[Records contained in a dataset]

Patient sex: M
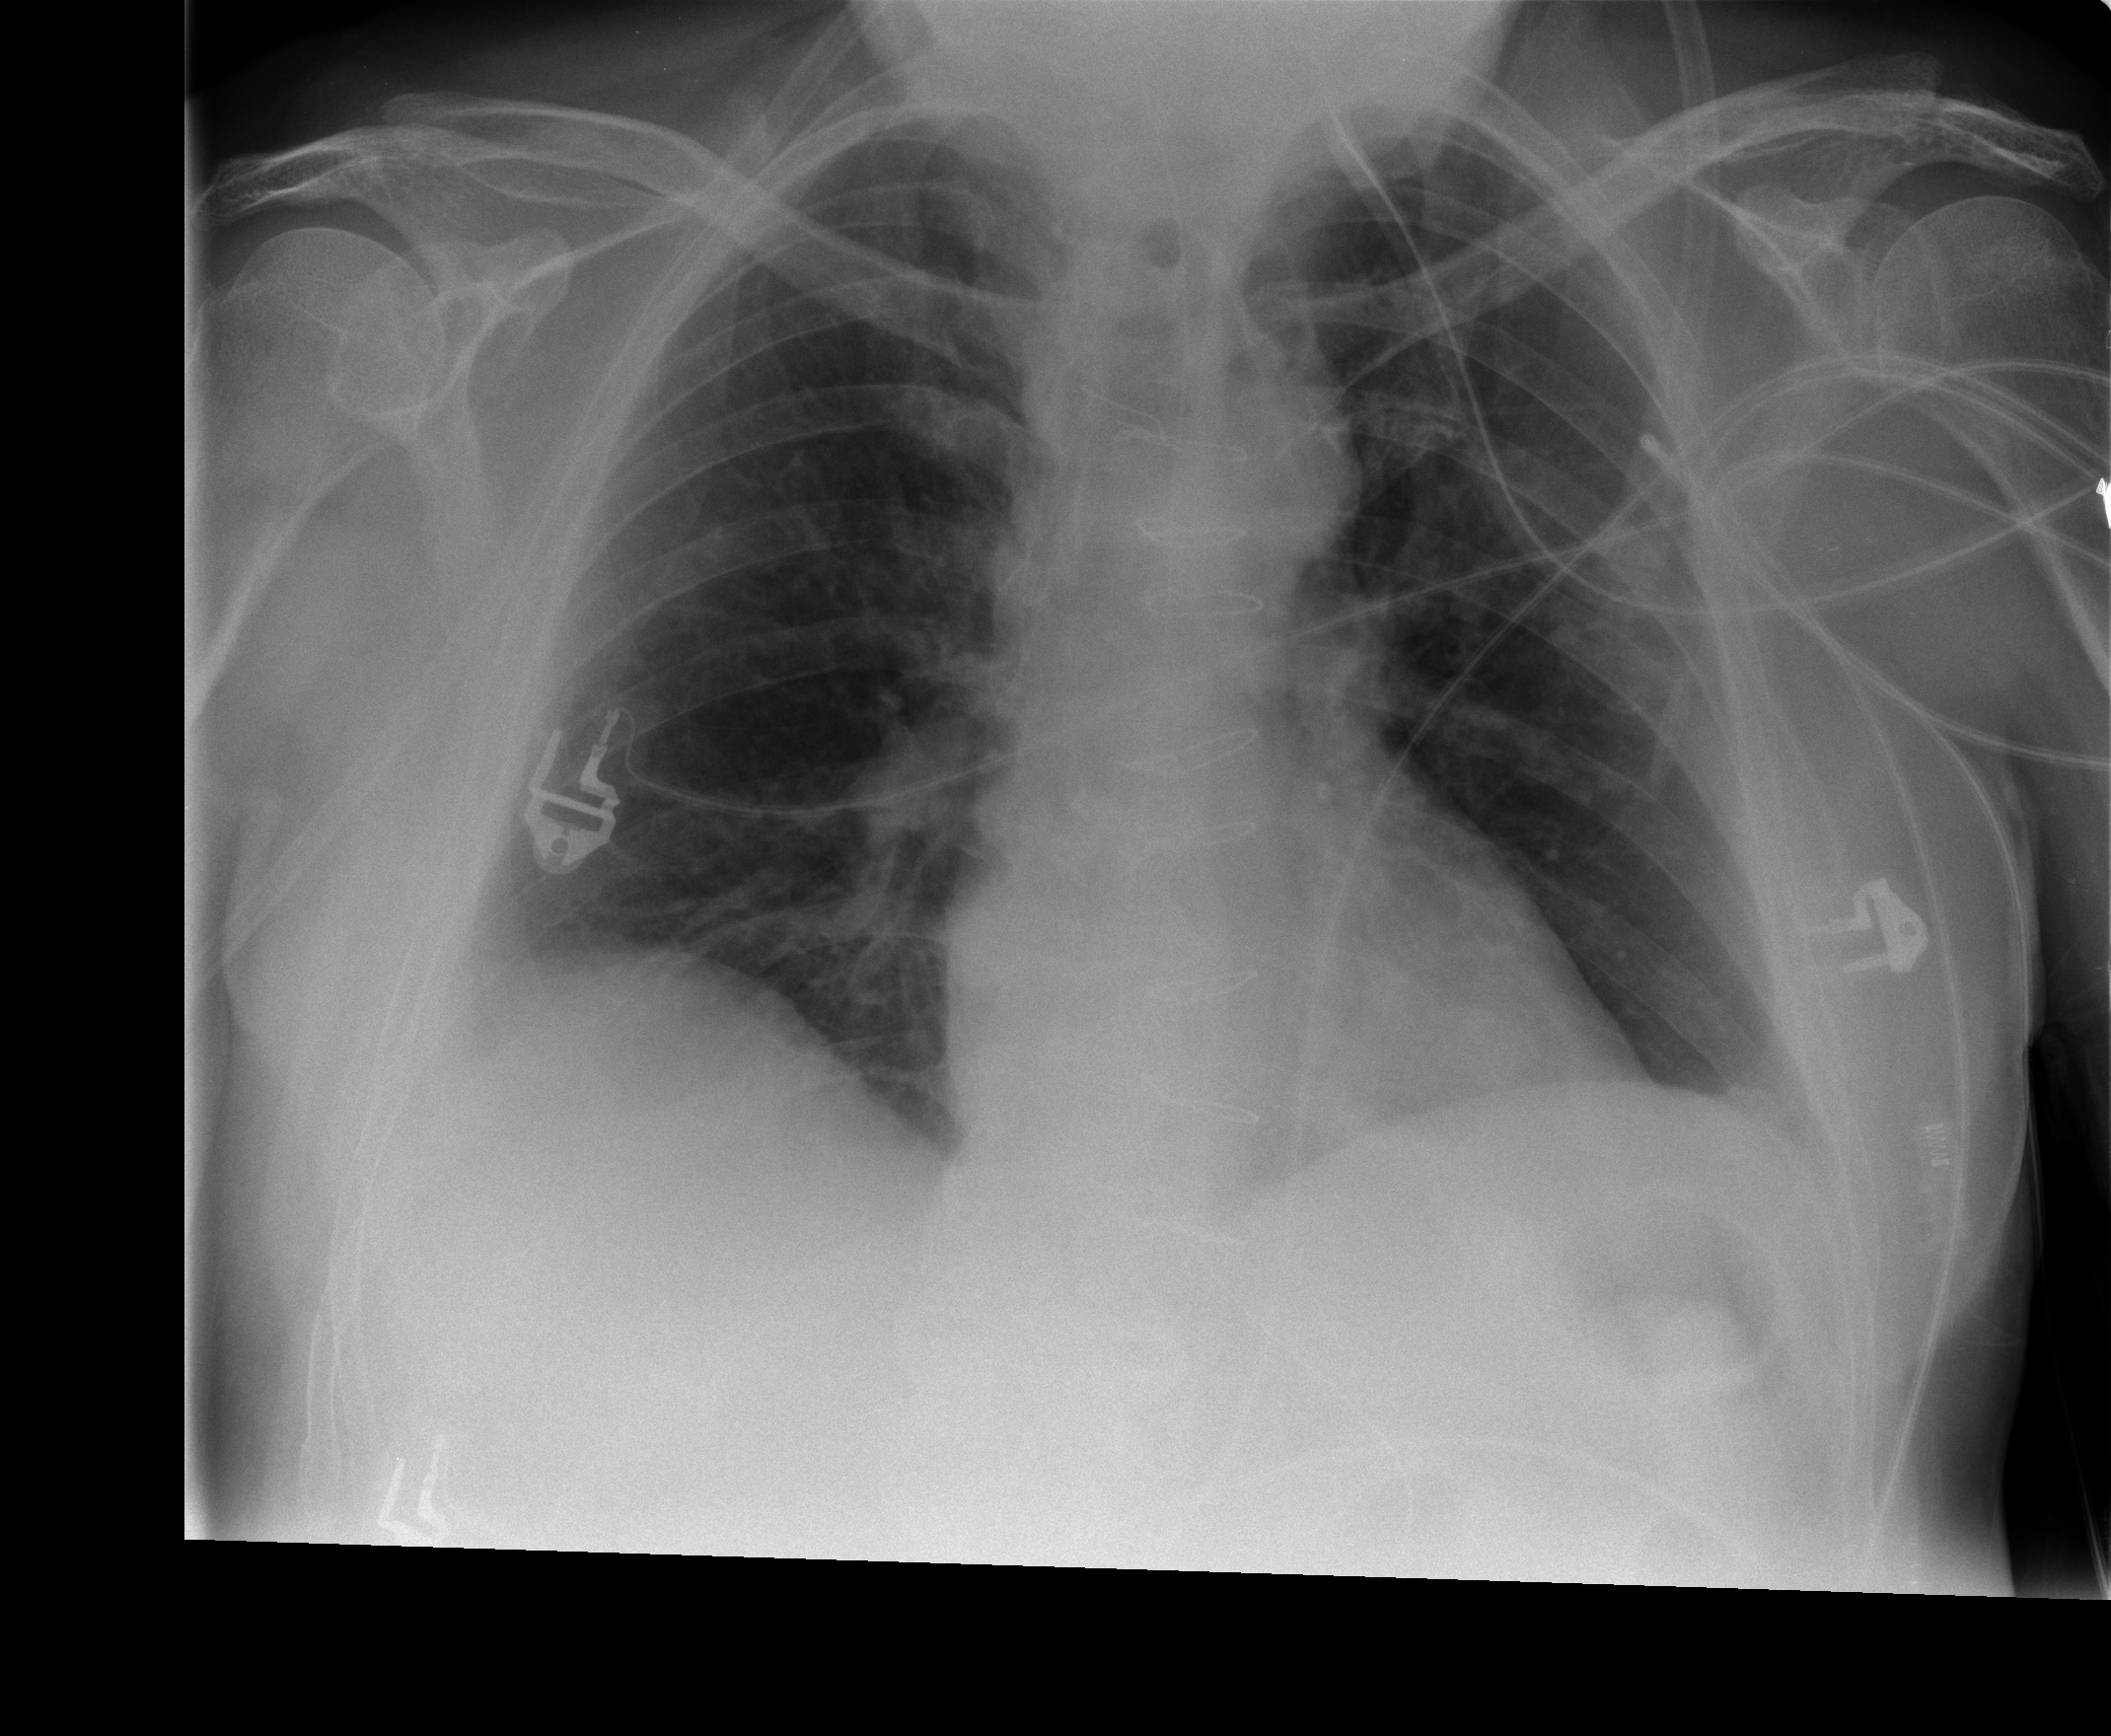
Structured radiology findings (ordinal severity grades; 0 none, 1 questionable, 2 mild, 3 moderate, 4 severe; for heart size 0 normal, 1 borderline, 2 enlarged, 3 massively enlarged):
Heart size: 0
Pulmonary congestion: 0
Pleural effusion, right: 1
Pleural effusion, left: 0
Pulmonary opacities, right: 0
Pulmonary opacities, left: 0
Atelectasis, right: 1
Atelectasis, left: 0
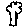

§ **Prompt**
Could you set down the records above word for word, without any of the pictures?

§ **Finished task**
Patient sex: M
Structured radiology findings (ordinal severity grades; 0 none, 1 questionable, 2 mild, 3 moderate, 4 severe; for heart size 0 normal, 1 borderline, 2 enlarged, 3 massively enlarged):
Heart size: 0
Pulmonary congestion: 0
Pleural effusion, right: 1
Pleural effusion, left: 0
Pulmonary opacities, right: 0
Pulmonary opacities, left: 0
Atelectasis, right: 1
Atelectasis, left: 0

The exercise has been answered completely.